### Description of the task
Starting at the line that holds "Image type: radiology (x_ray)", reproduce each line exactly up to and including the last line of the records below. Pictures stay out.

(Saved entries)
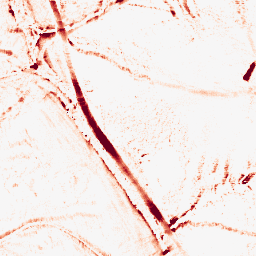
Category: morphological
Decomposition family: morphological_ellipse
Decomposition parameters: operation: opening
width: 10
height: 10
Upsampling method: bicubic
Upsampling parameters: scale: 4
Upsampling scale: 4
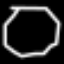
Label: octagon
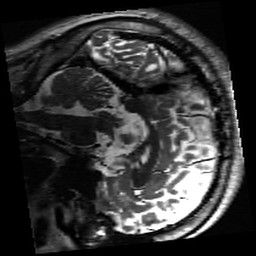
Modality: inplaneT2
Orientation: sagittal
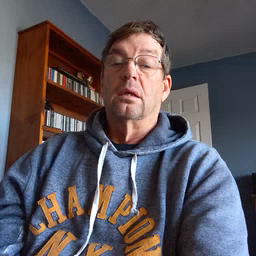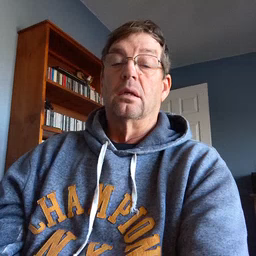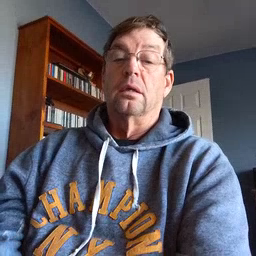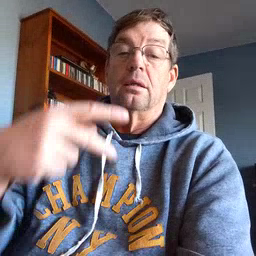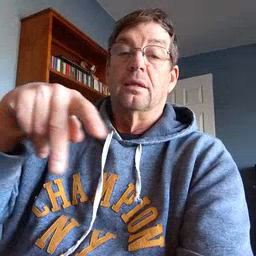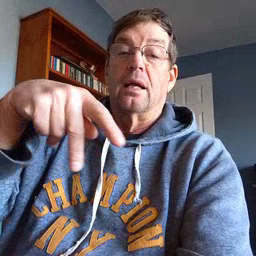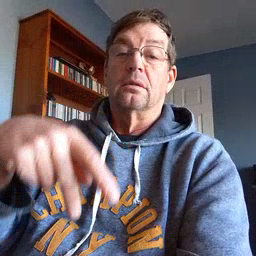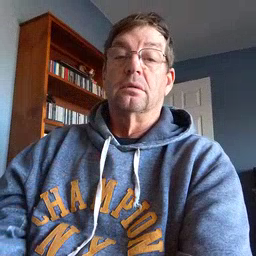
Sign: dance
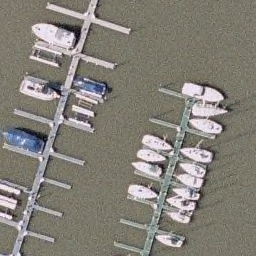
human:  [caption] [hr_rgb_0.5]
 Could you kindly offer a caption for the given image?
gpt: Lots of boats docked neatly at the harbor .

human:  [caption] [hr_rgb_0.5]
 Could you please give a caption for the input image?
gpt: Many boats docked neatly at the harbor and the water is turbid .

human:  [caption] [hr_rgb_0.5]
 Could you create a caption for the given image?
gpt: Lots of boats docked at the harbor and the water is turbid .

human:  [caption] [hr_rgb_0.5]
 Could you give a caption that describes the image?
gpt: Many boats docked neatly at the harbor and some positions are free .

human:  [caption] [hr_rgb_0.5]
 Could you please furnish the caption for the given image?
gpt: Lots of boats docked neatly at the harbor and some positions are free .
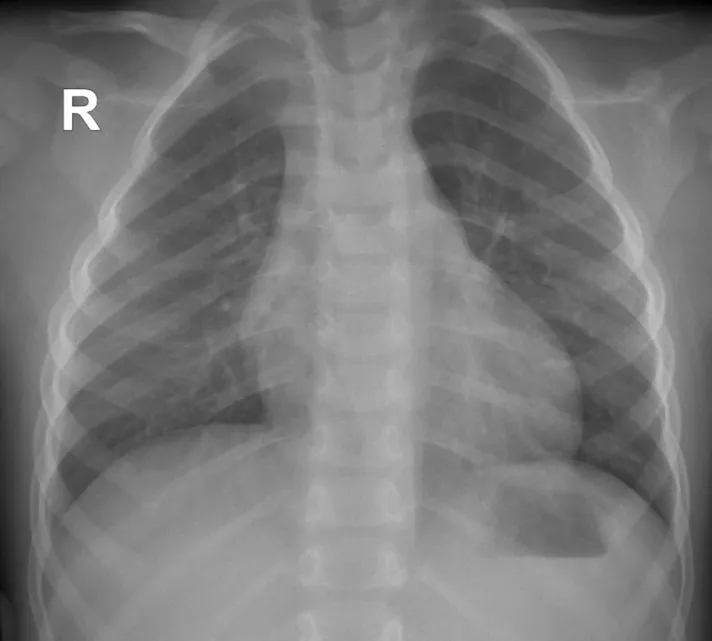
Thoracic radiography after 6 months revealing only minimal thickening of the inferior right pleura.
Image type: radiology (x_ray)
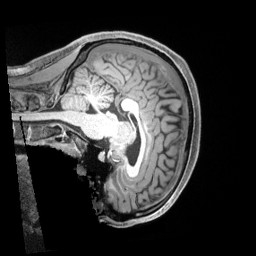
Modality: T1w
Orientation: sagittal
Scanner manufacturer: siemens
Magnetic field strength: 3 T
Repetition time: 2.5 s
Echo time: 0.00218 s
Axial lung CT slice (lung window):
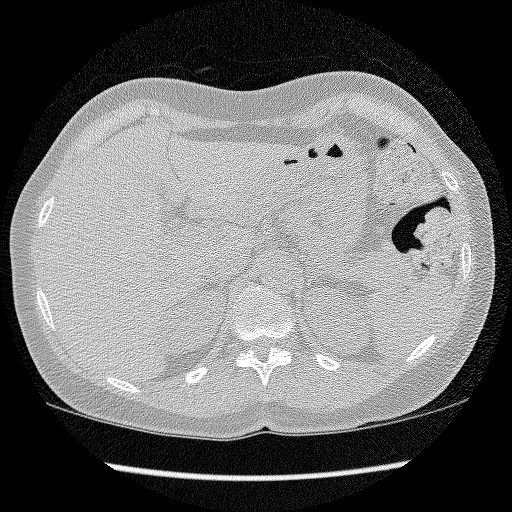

### Solution for this problem
Image type: radiology (x_ray)
Modality: T1w
Orientation: sagittal
Scanner manufacturer: siemens
Magnetic field strength: 3 T
Repetition time: 2.5 s
Echo time: 0.00218 s
Axial lung CT slice (lung window):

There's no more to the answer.